Is there really silence in a scene you’re writing?
We’ll often write that there was a silence, often between two characters or when someone is listening out for something, but is there really silence? Are we outside or indoors? Is there a clock in the room? Any passing traffic? You should consider these things in order to keep your reader in a scene.
If you wrote there was a silence when your characters are standing on the hard shoulder of the M25, it would be difficult to believe. There can be silence between them (neither speaking) but the background sound should be passing traffic.
I had my ears syringed a while back (excess wax build-up after the winter … in case you wanted to know) and the resulting clarity of sound was remarkably enhanced. Every click, tick, and shh of speech was noticeable and there were sounds I’d forgotten I couldn’t hear: birdsong outside when I’m indoors; the prolonged tonal note of two glasses clinked together; water going down the plug hole, the rustle of my own clothing.

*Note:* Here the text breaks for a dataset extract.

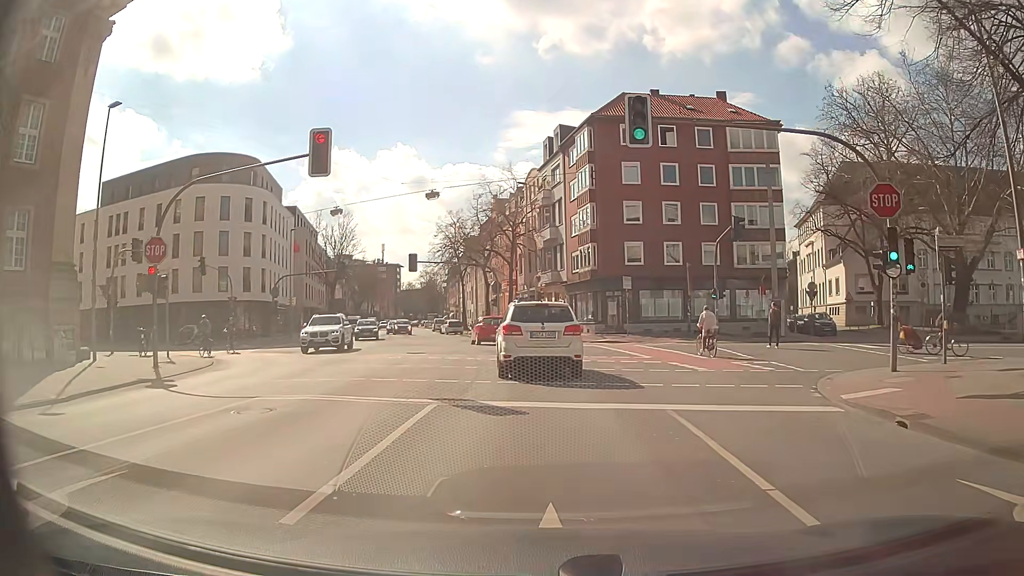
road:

It set me to thinking of the importance of sound in the world and the importance of nuances of sound in a story — not just the sound itself. How long does the dying note of two glasses clinked together go on for — what effect are you seeking if you use this sound? How different are the sounds of clothing depending on the material worn — and why would it matter in a particular scene? Is the water in the plughole gurgling or slurping — and what might that tell you about someone’s plumbing, and why would you be telling it?
It’s the small things that create setting and place and make them believable rather than the more obvious, such as birdsong outside, the wind in the trees, cars going past. There are many more sounds that we subconsciously pick up, but don’t often notice, in our surroundings; the more obscure sounds that can lend reality to a scene.
Sounds alter depending on atmospheric conditions. Foggy days can make sounds muted and a thundery day makes them crisper and closer. Do you remember what it sounded like outside when you woke up to your first deep snowfall?
Don’t forget, using sounds in your story might be purely for setting the scene and giving the reader a picture of where they are, or you might be using sound as clues to what is going on in a scene or in a character’s thinking. You still need to ask yourself why you are using a particular sound as well as thinking about any other element you’re using in a scene or story.
What are those little sounds that tell you where you are, the ones you don’t usually notice or remember but ones everyone will identify with? I’ll start you off with a few suggestions but it’s up to you to listen to sounds around you and remember them.
- The sound of a dropped purse
- The prolonged tonal note of two glasses clinked together (how long does it go on for?)
- Sycamore seed casings (or conkers, or fruit) falling to the ground on a windy day
- The distant whine of a power saw heard from a field in the middle of nowhere
- The shuffle of feet under a dining table you are sitting at
- The almost inaudible click of dentures when a wearer of them is talking
- The tick of a timer switch plugged in somewhere nearby
- The whirr of a CD player kicking into life
Try writing 50 or so words about any sound you hear. Try describing it and putting it into some sort of context.
Don’t forget Chekhov’s advice:
… every element in a story must be necessary, and irrelevant elements should be removed; elements should not appear to make “false promises” by never coming into play.
This is why you need to think about every element you put in your story. What does it mean to the story and how are you going to use it and why?